5. Quantification of the frequency of end-to-end chromosome-type fusions of cells treated as in (D) represented as a percentage of fusions observed after TRF2 depletion. A minimum of 1,500 chromosomes were scored for each sample. Error bars represent SD of three independent experiments. The P-value was calculated using an unpaired two-tailed t-test. NS, P > 0.05.

Figure 5

CtIP is not required for degradation of the single-stranded telomeric overhang generated by TRF2 inactivation

1. Immortalized MEFs were infected with retroviruses expressing the indicated shRNAs, followed by selection with puromycin for 72 h. Cell extracts were prepared 48 h later and analysed by Western blotting as indicated. SMC1 and GAPDH were used as loading controls. *non-specific band.

2. MboI- and AluI-digested DNA from cells treated as in (A) was resolved by pulsed-field gel electrophoresis and probed with end-labelled (AACCCT)₄ probe. Representative pulsed-field gel samples run under native and denatured conditions are shown.
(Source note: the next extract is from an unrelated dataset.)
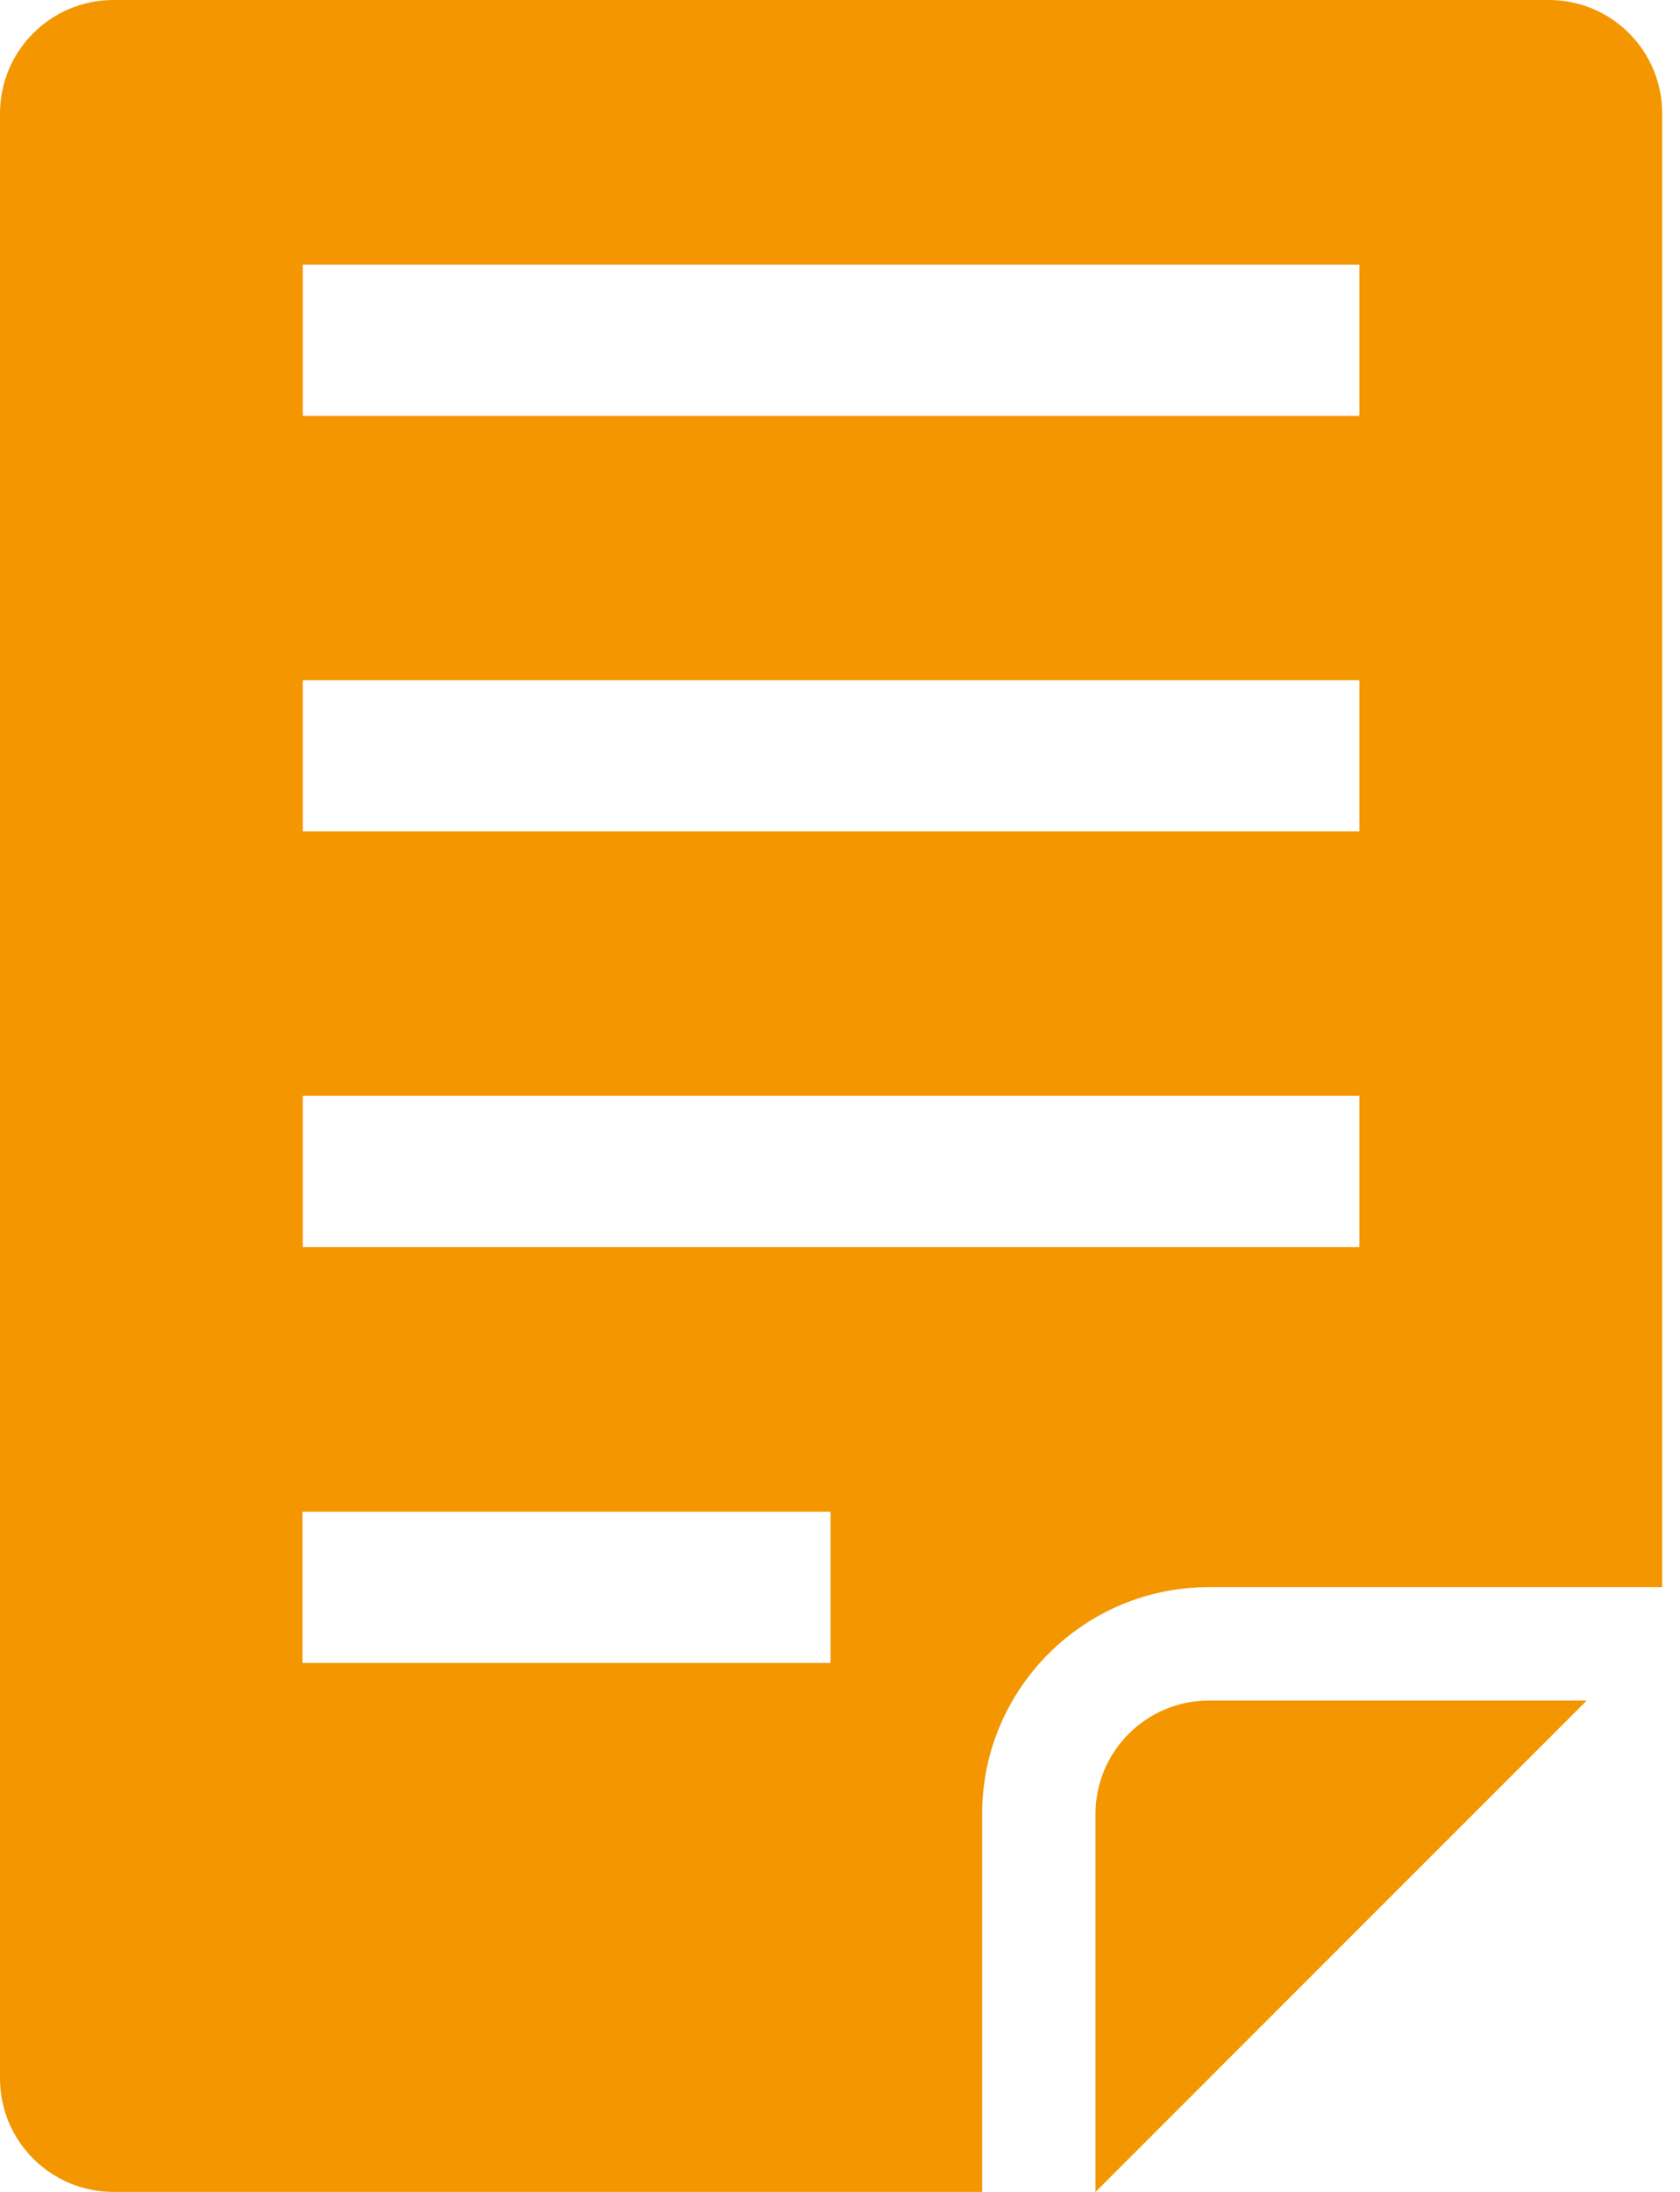 <svg width="23" height="30" viewBox="0 0 23 30" fill="none" xmlns="http://www.w3.org/2000/svg">
<path d="M16.549 23.275H21.723L14.998 30V24.826C14.998 23.971 15.694 23.275 16.549 23.275ZM22.756 1.552V21.723H16.549C14.838 21.723 13.446 23.115 13.446 24.826V30H1.552C0.696 30 0 29.304 0 28.448V1.552C0 0.696 0.696 0 1.552 0H21.204C22.064 0 22.756 0.696 22.756 1.552ZM11.371 20.69H4.141V22.76H11.371V20.69ZM18.611 14.998H4.145V17.068H18.611V14.998ZM18.611 9.31H4.145V11.38H18.611V9.31ZM18.611 3.622H4.145V5.692H18.611V3.622Z" fill="#F39600"/>
</svg>

3. Quantification of the 3′ overhang in cells treated as in (B). For each sample, the ss/total DNA ratios were expressed relative to the GFP shRNA-treated control. Error bars represent SD of two independent experiments.

Figure 6

EXO1, but not BLM, WRN or DNA2, promotes LIG3-dependent end-joining of telomeres uncapped by TRF2 inactivation

1. MEFs of the indicated genotypes were infected with retroviruses expressing the indicated shRNAs, followed by selection with puromycin for 72 h. Mitotic chromosomes isolated 48 h later were fixed and stained with a Cy3-conjugated (CCCTAA)₃-PNA probe. The frequency of end-to-end chromosome-type fusions is represented as a percentage of fusions observed after TRF2 depletion in each experiment. A minimum of 1,200 chromosomes were scored for each sample. Error bars represent SD of two independent experiments. P-values were calculated using an unpaired two-tailed t-test. *P ≤ 0.05; NS, P > 0.05. Each graph represents a separate set of experiments.

Figure 7

Model for the role of BRCA1-CtIP in A-NHEJ Telomeres uncapped by TRF2 depletion undergo 3′ overhang excision in MRN-dependent manner. Most telomeres are bound by Ku heterodimer and re-joined by C-NHEJ promoted by 53BP1. A subset of the telomeres become substrates for resection reactions, which require MRN, BRCA1 and CtIP. Initiation of resection generates short 3′ telomeric overhangs, whose annealing is facilitated by the homology provided by 2 A-T base pairs per telomeric repeat. The resulting flaps are cleaved by EXO1 and telomeres re-joined through the LIG3-dependent A-NHEJ pathway.